STATEN ISLAND — Alicia Palermo-Reddy preps patients for ambulatory surgery and she recently noticed two, middle-aged women who seemed sad and withdrawn. The husband of one tried to explain.
“And he started to cry,” the nurse said, as she struggled to contain her own emotions. “And he said that they just buried their son. It was like three weeks before.”
The son had died from an opioid overdose, a scourge that has hit Staten Island especially hard. Every day, 115 Americans die from an opioid OD—whether it be pain pills, heroin, or the incredibly lethal fentanyl.
So for the last few years, Palermo-Reddy, who told us she has three nephews addicted to opioids, has crafted a forum she calls “Scared Straight” — where the speakers tell horror stories from the opioid battle zone.
If the term sounds familiar, it should be.
In the 1970s, an Oscar-winning documentary of the same name followed tough-talking inmates in New Jersey’s Rahway State Prison, as they tried to scare young prisoners with a chance at freedom into staying straight.
Kevin Moran, director of Scalia Home for Funerals on the island’s South Shore, recalled all the teens and 20-somethings he has buried, along with dads and moms in their 40s and 50s.
He recalls a time in 2014, when he was averaging five to six funerals a month that were opioid related.
“It could be someone who wears a suit who’s an accountant, a lawyer or a teacher,” Moran had told PIX11 during an interview at the funeral home, “as opposed to a ‘space cadet’ walking around in ‘zombie land.’”
Moran noted most of the toxicology reports on the dead people he’s buried in recent years showed fentanyl in the user’s system.
“I’ve had people with rat poison in them” Moran noted.
He also spoke of how disturbing it is to go into a parking lot during some funerals and see mourners snorting cocaine, smoking joints, or dipping into coolers for scotch and Jack Daniels.
“I try to create a forum to try and scare the kids to never try alcohol or pot,” Palermo-Reddy said. “I have not come across one addict that didn’t start with alcohol or smoking marijuana.”
One of those addicts was Kevin Parker, now 31.
Parker told PIX11 when he was 18, his car hit a bus “head on” and he went to a doctor for help with pain management. He got his first Percocet prescription.
By the time he was 22, he said he needed two, 30mg pills of the powerful opioid Oxycodone just to get out of bed.
He overdosed four times, the last time nearly killing him, in November 2011.
“I had multi-organ failure.
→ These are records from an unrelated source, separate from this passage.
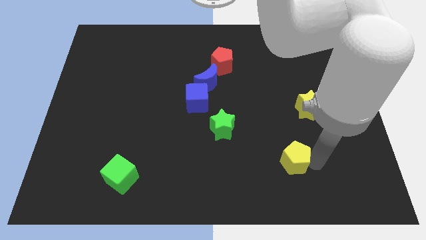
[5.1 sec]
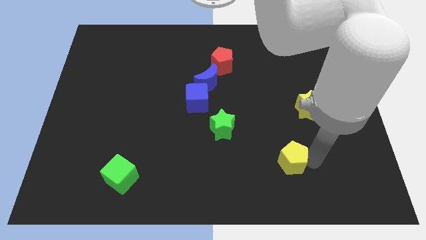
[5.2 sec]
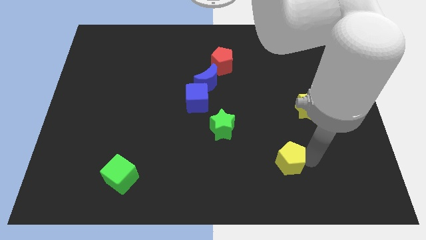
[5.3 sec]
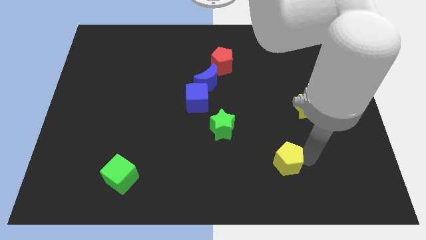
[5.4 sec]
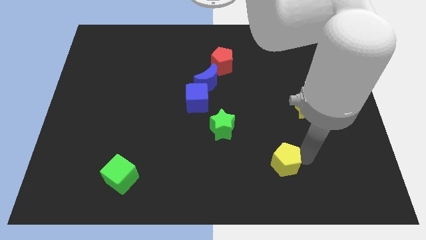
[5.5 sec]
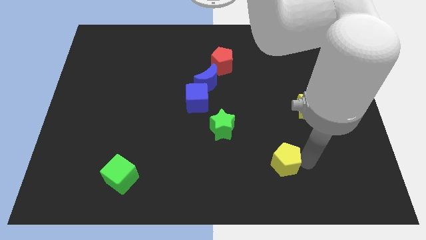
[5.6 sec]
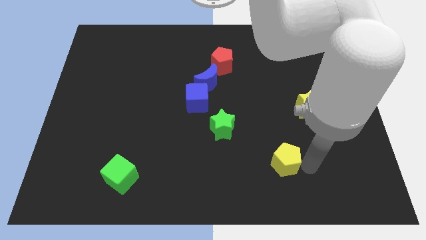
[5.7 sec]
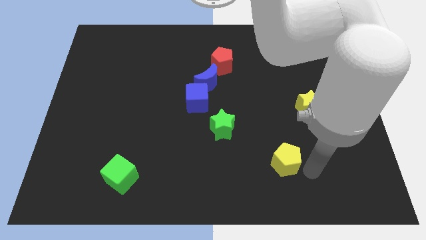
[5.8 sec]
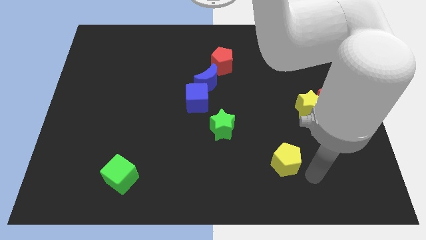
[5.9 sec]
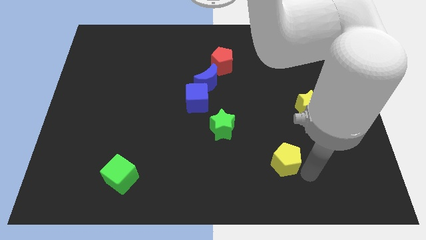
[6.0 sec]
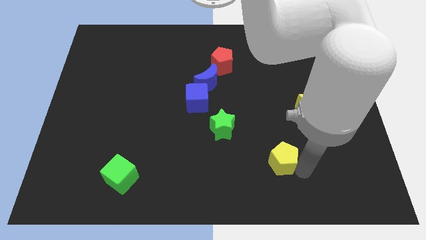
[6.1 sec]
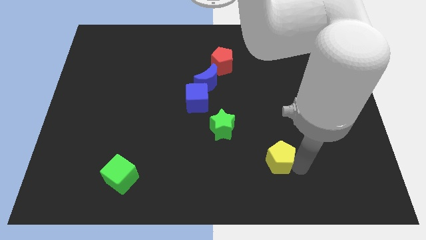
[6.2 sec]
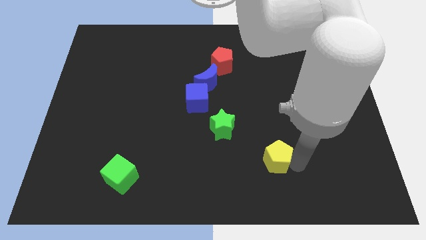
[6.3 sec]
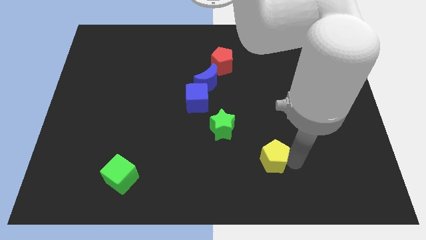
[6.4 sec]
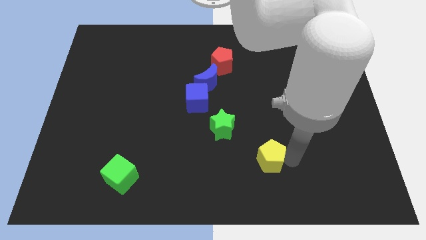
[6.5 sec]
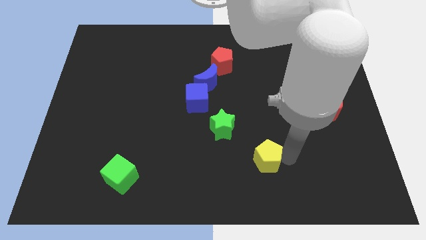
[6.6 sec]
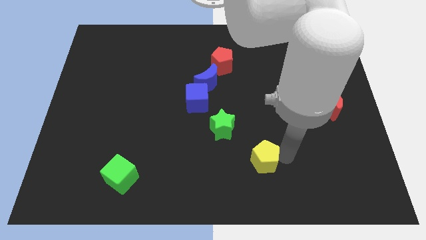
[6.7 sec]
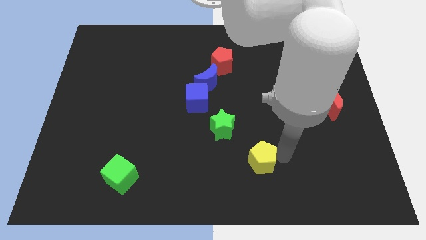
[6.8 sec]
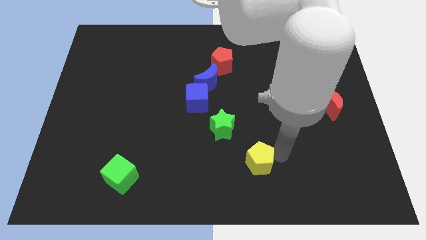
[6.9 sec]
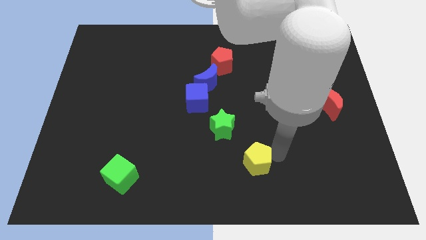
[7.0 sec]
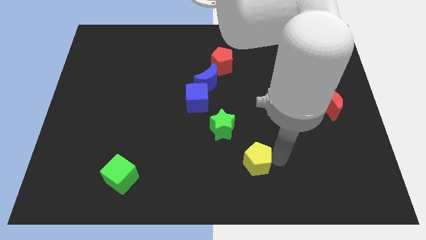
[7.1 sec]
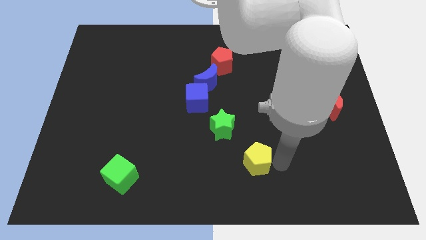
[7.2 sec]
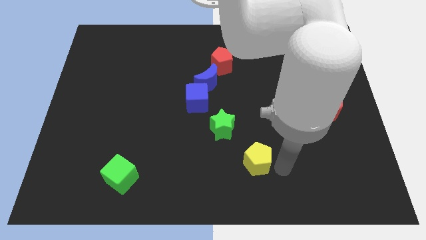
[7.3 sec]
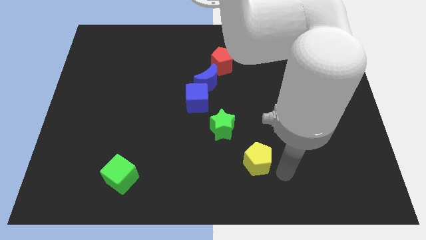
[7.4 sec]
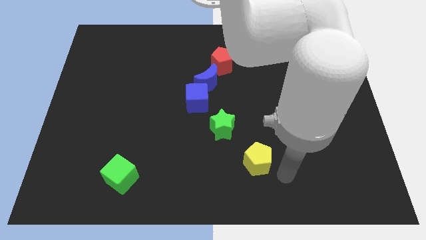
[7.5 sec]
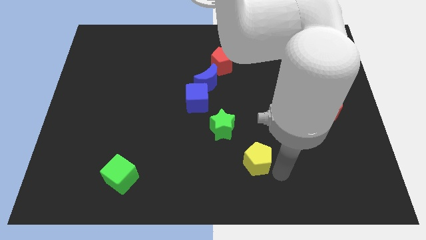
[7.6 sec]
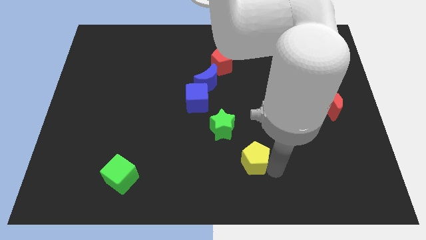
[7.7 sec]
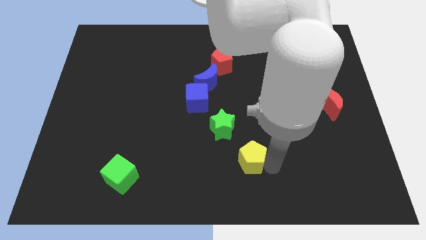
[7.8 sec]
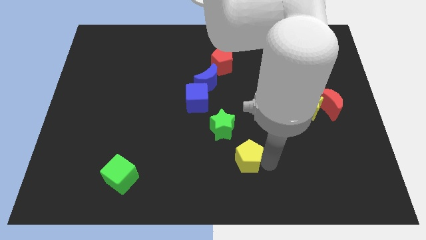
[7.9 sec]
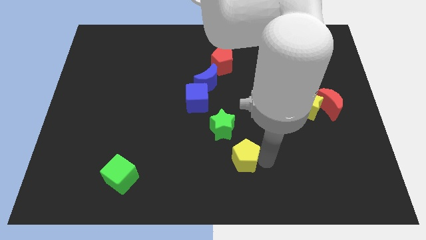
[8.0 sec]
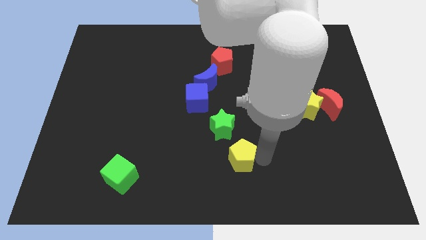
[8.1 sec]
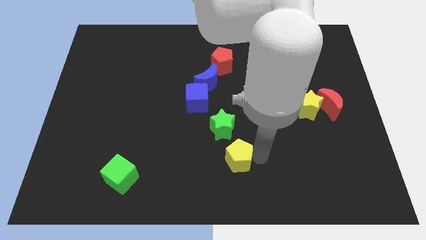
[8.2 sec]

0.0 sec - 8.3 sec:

My brain was frying. I had sepsis in the blood. I had 40 percent oxygen to the brain,” Parker recalled.
“They said if I survived, I’d be a complete vegetable and lose all four of my limbs.”
Parker lost one limb.
“I lost my left leg, I’m a below the knee amputee,” Parker said, “and I have irreparable nerve damage in my right leg.”
Parker also lost his left gluteus because of bed sores.
He told us he was in a coma for several weeks, before his leg was amputated.
“The only thing I remember when I was in a coma was my mother singing to me,” Parker said, “and I didn’t know what it was at the time, but it was so relieving and peaceful.”
He said waking up and seeing his mother’s face was a source of great comfort, and it was also a game changer.
“I seen the look in my mother’s eyes, and I would never want to put anyone through that again.”
PIX11 has reported the opioid crisis has spawned a generation of orphans on Staten Island and elsewhere. On Tuesday night, we observed two baby carriages among the crowd assembled in St. Peter’s school gym on Henderson Avenue.
We couldn’t help but hope the tiniest among us will never know the grip of an opioid addiction.
The school children in the crowd seemed as young as 10.
“Education is all we have right now,” Alicia Palermo-Reddy said.
Kevin Parker, meantime, got his college degree after surviving that 2011 overdose. He’s now a certified “life coach.”